You Have Around 20 Minutes To Contain a Russian APT Attack

When a Russian nation-state actor attacks a government or a private organization, they have about 20 minutes to detect and contain the attack. From a report: New statistics published today by US cyber-security firm Crowdstrike ranked threat groups based on their "breakout time." "Breakout time" refers to the time a hacker group takes from gaining initial access to a victim's computer to moving laterally through its network.
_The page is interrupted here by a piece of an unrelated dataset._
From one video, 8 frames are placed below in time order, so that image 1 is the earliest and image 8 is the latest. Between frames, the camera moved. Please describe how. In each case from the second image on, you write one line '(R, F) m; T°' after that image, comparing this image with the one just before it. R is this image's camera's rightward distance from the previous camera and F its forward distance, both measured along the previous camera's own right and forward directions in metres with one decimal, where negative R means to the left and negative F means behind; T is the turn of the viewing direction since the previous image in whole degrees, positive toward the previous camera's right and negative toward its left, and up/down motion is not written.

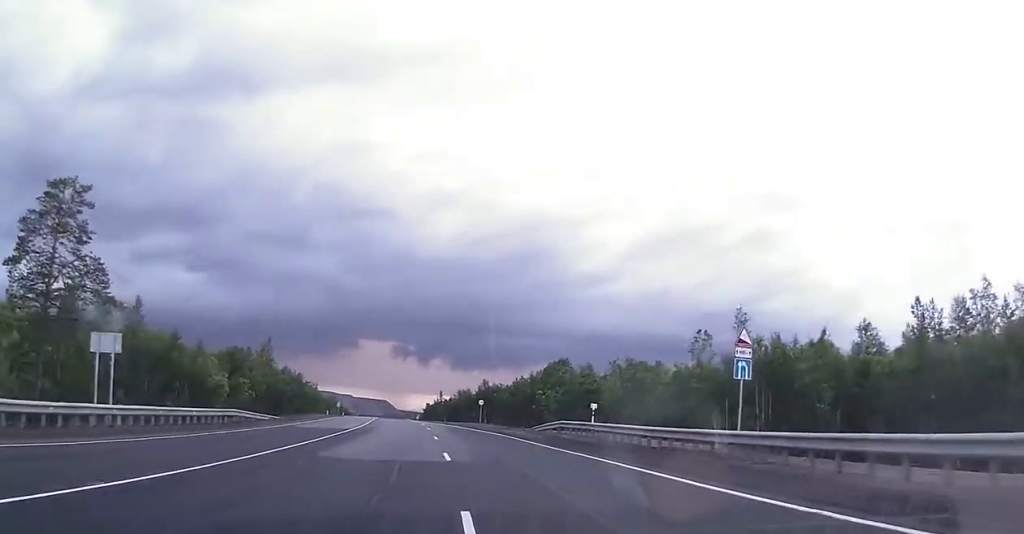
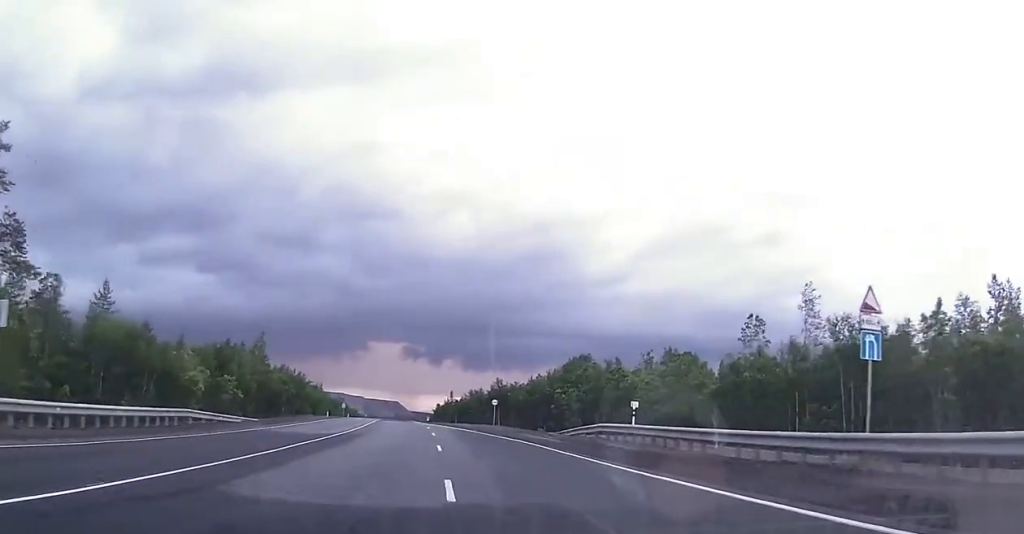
(-0.1, +6.2) m; -1°
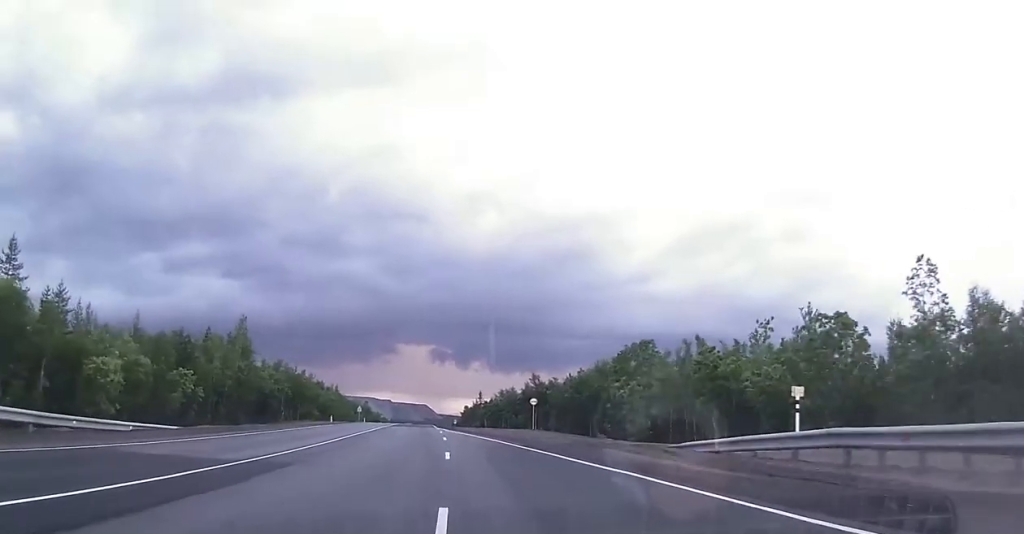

This includes the time the attacker spends scanning the local network and deploying exploits in order to escalate his access to other nearby computers.

[...] According to data gathered from 2018 hack investigations, CrowdStrike says Russian hackers (which the company calls internally "Bears") have been the most prolific and efficient hacker groups last year, with an average breakout time of 18 minutes and 49 seconds.

Re:The same dudes that "investigated" the DNC serv

Crowdstrike story

They have a history of blaming Russia for every hack even if Russia was not involved. They have 2 big cases where they falsely blamed Russia, one a hack in the Ukraine, the second the DNC email server. That's right, the DNC server that the FBI never examined, we were told was hacked by Russia by Comey. Well the people who told him admitted they lied, before Comey came out and told Congress under oath.

So Crowdstrike yelling "RUSSIA!!!" isn't new. Them providing proof would be.